So I awoke: and, comrade, lend me now
Thy wits, for I am troubled for my vow."
COMRADE.
"Ne'er quake: you're pledged to nothing, for no prize
You gained or gazed on. Dreams are nought but lies.
Yet may this dream bear fruit; if, wide-awake
And not in dreams, you'll fish the neighbouring lake.
Fish that are meat you'll there mayhap behold,
Not die of famine, amid dreams of gold."
IDYLL XXII.
The Sons of Leda
The pair I sing, that AEgis-armed Zeus
Gave unto Leda; Castor and the dread
Of bruisers Polydeuces, whensoe'er
His harnessed hands were lifted for the fray.

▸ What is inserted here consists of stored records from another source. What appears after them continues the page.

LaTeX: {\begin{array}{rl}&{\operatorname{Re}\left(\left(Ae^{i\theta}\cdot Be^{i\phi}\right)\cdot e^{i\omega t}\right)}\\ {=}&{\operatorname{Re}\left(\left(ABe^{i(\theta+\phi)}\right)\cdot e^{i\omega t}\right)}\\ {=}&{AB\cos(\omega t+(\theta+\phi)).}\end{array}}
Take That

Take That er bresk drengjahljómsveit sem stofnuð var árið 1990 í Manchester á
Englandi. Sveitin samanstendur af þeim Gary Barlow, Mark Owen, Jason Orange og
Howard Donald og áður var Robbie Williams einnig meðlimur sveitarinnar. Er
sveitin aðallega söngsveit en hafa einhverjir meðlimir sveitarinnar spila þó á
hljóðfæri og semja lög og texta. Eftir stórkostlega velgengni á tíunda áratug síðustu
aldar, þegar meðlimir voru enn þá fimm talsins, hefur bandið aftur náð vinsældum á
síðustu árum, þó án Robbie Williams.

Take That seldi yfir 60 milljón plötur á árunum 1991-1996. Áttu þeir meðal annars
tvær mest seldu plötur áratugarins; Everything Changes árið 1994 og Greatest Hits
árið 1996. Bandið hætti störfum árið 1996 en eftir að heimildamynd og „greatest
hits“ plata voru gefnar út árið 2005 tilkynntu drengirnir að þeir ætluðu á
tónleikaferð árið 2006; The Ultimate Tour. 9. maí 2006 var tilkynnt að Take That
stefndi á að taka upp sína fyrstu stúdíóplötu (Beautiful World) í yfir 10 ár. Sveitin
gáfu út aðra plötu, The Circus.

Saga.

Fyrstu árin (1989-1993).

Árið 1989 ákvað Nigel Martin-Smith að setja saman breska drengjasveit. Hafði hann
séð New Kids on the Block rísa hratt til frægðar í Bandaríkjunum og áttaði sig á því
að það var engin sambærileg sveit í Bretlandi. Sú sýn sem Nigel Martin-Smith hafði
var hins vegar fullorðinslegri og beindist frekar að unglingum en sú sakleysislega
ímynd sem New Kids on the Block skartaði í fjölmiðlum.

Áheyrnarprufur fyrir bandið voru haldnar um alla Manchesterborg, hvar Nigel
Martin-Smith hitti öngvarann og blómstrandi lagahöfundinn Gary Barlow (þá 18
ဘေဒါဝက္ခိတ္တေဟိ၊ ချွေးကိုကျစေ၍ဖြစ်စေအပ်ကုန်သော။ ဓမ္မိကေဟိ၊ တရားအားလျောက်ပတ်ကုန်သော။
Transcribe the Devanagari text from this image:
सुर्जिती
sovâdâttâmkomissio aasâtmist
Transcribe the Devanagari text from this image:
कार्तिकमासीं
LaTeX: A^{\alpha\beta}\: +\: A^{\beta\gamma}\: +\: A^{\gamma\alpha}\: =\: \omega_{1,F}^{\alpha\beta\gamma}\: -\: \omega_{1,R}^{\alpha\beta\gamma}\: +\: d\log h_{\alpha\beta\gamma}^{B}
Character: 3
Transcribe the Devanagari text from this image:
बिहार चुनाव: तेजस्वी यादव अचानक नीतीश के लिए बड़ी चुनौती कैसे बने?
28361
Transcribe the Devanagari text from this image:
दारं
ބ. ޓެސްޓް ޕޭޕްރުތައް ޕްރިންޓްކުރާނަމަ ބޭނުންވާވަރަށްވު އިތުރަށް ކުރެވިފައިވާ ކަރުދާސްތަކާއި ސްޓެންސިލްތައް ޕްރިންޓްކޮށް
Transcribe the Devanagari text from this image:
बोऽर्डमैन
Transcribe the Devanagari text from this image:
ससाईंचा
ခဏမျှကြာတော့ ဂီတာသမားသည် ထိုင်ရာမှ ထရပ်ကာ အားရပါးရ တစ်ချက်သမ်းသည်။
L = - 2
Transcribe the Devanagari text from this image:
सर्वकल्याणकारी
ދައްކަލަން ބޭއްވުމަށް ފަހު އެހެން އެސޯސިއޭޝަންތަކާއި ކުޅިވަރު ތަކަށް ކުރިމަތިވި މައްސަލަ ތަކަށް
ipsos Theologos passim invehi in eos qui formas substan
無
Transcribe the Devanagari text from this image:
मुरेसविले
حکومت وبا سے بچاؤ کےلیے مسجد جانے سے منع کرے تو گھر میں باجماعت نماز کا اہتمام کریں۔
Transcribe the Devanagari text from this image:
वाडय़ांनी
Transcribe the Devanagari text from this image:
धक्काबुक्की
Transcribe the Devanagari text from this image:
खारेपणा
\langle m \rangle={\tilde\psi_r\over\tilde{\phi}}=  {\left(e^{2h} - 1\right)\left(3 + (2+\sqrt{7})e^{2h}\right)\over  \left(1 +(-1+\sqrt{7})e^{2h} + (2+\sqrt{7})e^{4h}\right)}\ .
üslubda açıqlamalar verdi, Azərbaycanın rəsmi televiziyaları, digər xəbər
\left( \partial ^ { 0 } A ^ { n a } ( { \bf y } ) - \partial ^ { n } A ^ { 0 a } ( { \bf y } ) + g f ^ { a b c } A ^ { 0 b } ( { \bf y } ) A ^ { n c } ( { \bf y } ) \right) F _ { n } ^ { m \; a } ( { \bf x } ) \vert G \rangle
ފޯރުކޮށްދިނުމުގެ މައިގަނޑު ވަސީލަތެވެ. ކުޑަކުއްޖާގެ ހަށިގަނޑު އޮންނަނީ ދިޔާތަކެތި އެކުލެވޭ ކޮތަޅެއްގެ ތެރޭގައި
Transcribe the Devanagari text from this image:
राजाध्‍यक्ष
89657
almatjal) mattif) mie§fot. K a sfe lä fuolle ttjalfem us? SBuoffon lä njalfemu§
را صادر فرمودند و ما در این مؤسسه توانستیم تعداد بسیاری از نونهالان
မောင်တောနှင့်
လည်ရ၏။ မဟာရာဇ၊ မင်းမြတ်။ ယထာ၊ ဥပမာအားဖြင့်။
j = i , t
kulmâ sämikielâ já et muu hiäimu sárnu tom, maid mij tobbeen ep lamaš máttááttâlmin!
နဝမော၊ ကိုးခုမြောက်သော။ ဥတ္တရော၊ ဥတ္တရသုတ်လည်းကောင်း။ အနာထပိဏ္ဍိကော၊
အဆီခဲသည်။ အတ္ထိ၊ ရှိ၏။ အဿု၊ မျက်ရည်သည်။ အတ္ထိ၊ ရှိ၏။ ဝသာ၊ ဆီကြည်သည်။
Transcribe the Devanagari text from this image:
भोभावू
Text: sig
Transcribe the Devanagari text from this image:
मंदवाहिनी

Twice and again I sing the manly sons
Of Leda, those Twin Brethren, Sparta's own:
Who shield the soldier on the deadly scarp,
The horse wild-plunging o'er the crimson field,
The ship that, disregarding in her pride
Star-set and star-rise, meets disastrous gales:--
Such gales as pile the billows mountain-high,
E'en at their own wild will, round stem or stern:
Dash o'er the hold, the timbers rive in twain,
Till mast and tackle dangle in mid-air
Shivered like toys, and, as the night wears on,
The rain of heaven falls fast, and, lashed by wind
And iron hail, broad ocean rings again.
Then can they draw from out the nether abyss
Both craft and crew, each deeming he must die:
Lo the winds cease, and o'er the burnished deep
Comes stillness; this way flee the clouds and that;
And shine out clear the Great Bear and the Less,
And, 'twixt the Asses dimly seen, the Crib
Foretells fair voyage to the mariner.